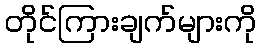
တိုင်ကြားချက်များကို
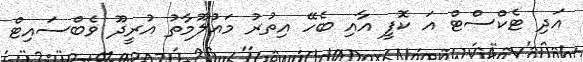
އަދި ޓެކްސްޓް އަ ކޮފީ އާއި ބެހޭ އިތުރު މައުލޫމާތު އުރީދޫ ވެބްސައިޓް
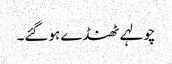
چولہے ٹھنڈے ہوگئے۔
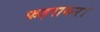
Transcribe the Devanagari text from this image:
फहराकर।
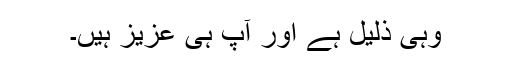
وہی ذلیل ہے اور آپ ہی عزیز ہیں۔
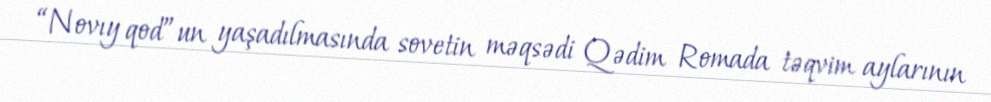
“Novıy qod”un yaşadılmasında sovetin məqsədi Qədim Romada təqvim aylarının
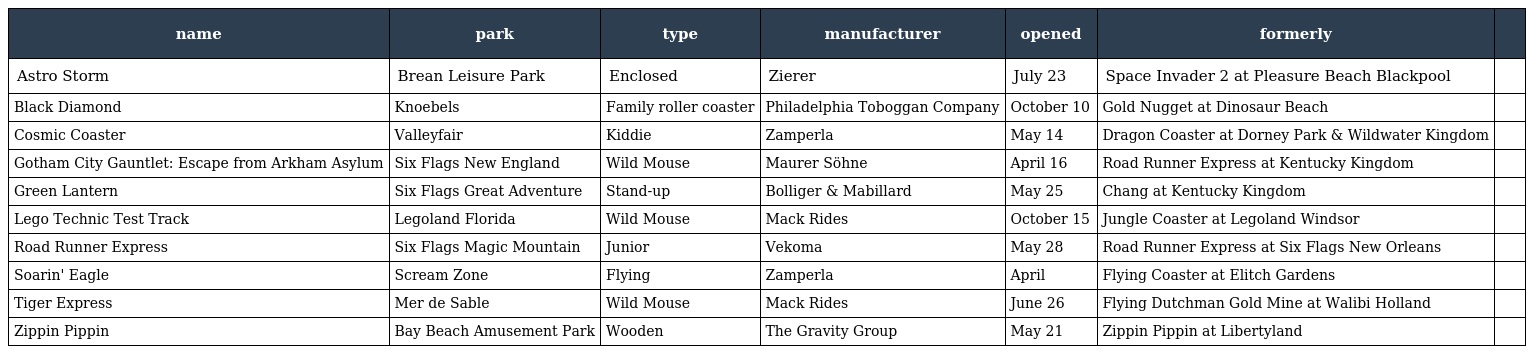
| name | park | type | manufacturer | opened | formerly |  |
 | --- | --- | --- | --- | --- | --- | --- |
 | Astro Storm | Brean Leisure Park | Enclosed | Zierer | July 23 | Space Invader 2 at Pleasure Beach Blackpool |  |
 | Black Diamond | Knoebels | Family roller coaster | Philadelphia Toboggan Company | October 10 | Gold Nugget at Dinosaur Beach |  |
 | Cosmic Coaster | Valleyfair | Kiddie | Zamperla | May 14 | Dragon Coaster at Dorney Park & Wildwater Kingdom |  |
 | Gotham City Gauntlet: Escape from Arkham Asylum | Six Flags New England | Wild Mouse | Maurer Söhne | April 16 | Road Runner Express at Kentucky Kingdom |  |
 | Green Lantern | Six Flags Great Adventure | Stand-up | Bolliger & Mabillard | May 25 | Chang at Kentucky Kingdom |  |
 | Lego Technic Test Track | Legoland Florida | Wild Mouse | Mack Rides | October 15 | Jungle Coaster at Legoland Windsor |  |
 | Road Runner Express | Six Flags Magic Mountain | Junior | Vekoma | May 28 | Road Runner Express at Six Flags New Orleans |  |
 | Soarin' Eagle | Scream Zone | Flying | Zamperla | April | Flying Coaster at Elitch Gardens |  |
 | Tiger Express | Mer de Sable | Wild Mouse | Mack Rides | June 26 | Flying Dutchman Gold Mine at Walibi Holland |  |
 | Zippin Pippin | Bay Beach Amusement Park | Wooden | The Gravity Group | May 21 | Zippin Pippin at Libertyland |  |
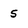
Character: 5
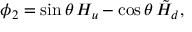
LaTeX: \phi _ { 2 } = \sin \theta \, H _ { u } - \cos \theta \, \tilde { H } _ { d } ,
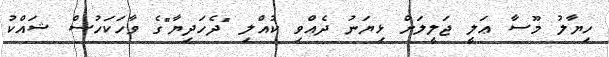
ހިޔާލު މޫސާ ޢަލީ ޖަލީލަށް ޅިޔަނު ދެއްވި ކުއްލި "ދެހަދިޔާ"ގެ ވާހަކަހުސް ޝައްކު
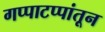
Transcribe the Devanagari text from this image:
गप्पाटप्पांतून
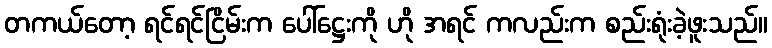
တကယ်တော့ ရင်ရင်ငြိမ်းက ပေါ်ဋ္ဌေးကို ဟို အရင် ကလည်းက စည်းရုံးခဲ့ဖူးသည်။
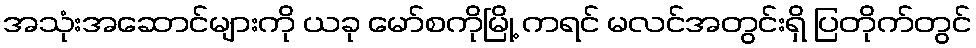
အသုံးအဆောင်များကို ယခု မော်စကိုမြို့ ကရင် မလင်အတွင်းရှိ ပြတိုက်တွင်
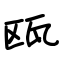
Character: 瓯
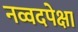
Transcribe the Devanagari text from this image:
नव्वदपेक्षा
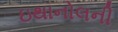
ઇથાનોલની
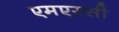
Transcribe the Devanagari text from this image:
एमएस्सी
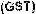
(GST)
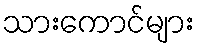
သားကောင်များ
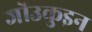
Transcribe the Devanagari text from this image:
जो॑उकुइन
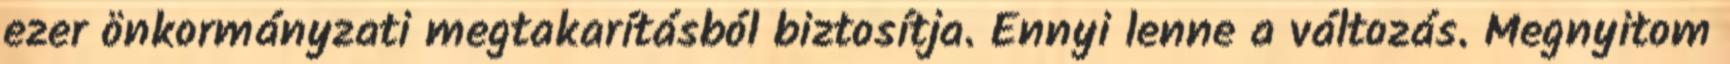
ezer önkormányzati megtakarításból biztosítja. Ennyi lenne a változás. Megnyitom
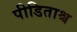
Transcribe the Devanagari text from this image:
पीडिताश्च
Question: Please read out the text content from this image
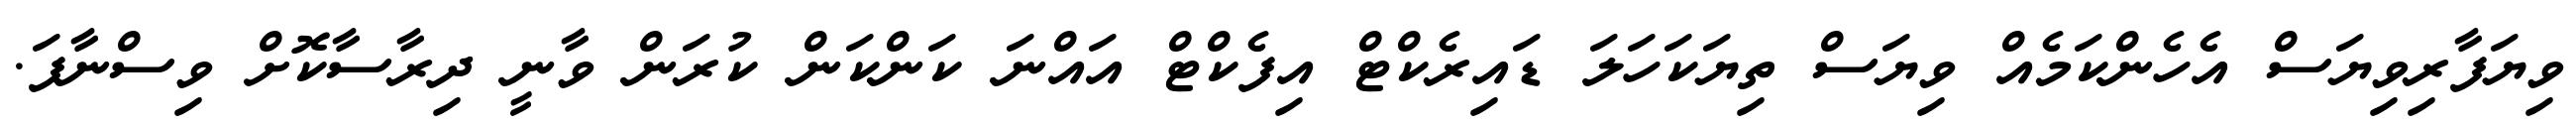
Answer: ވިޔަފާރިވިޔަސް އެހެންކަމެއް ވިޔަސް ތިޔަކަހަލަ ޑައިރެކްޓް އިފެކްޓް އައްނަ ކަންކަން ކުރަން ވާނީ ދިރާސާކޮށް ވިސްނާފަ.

● **What is needed**:
Pictures are skipped here. Print exactly, and only, the lines from the one holding "LaTeX: \phi _" through the final line of the material above, both ends included.

● **Solution for this task**:
LaTeX: \phi _ { 2 } = \sin \theta \, H _ { u } - \cos \theta \, \tilde { H } _ { d } ,
ހިޔާލު މޫސާ ޢަލީ ޖަލީލަށް ޅިޔަނު ދެއްވި ކުއްލި "ދެހަދިޔާ"ގެ ވާހަކަހުސް ޝައްކު
Transcribe the Devanagari text from this image:
गप्पाटप्पांतून
တကယ်တော့ ရင်ရင်ငြိမ်းက ပေါ်ဋ္ဌေးကို ဟို အရင် ကလည်းက စည်းရုံးခဲ့ဖူးသည်။
အသုံးအဆောင်များကို ယခု မော်စကိုမြို့ ကရင် မလင်အတွင်းရှိ ပြတိုက်တွင်
Character: 瓯
Transcribe the Devanagari text from this image:
नव्वदपेक्षा
ઇથાનોલની
Transcribe the Devanagari text from this image:
एमएस्सी
(GST)
သားကောင်များ
Transcribe the Devanagari text from this image:
जो॑उकुइन
ezer önkormányzati megtakarításból biztosítja. Ennyi lenne a változás. Megnyitom
Transcribe the Devanagari text from this image:
पीडिताश्च
Question: Please read out the text content from this image
Answer: ވިޔަފާރިވިޔަސް އެހެންކަމެއް ވިޔަސް ތިޔަކަހަލަ ޑައިރެކްޓް އިފެކްޓް އައްނަ ކަންކަން ކުރަން ވާނީ ދިރާސާކޮށް ވިސްނާފަ.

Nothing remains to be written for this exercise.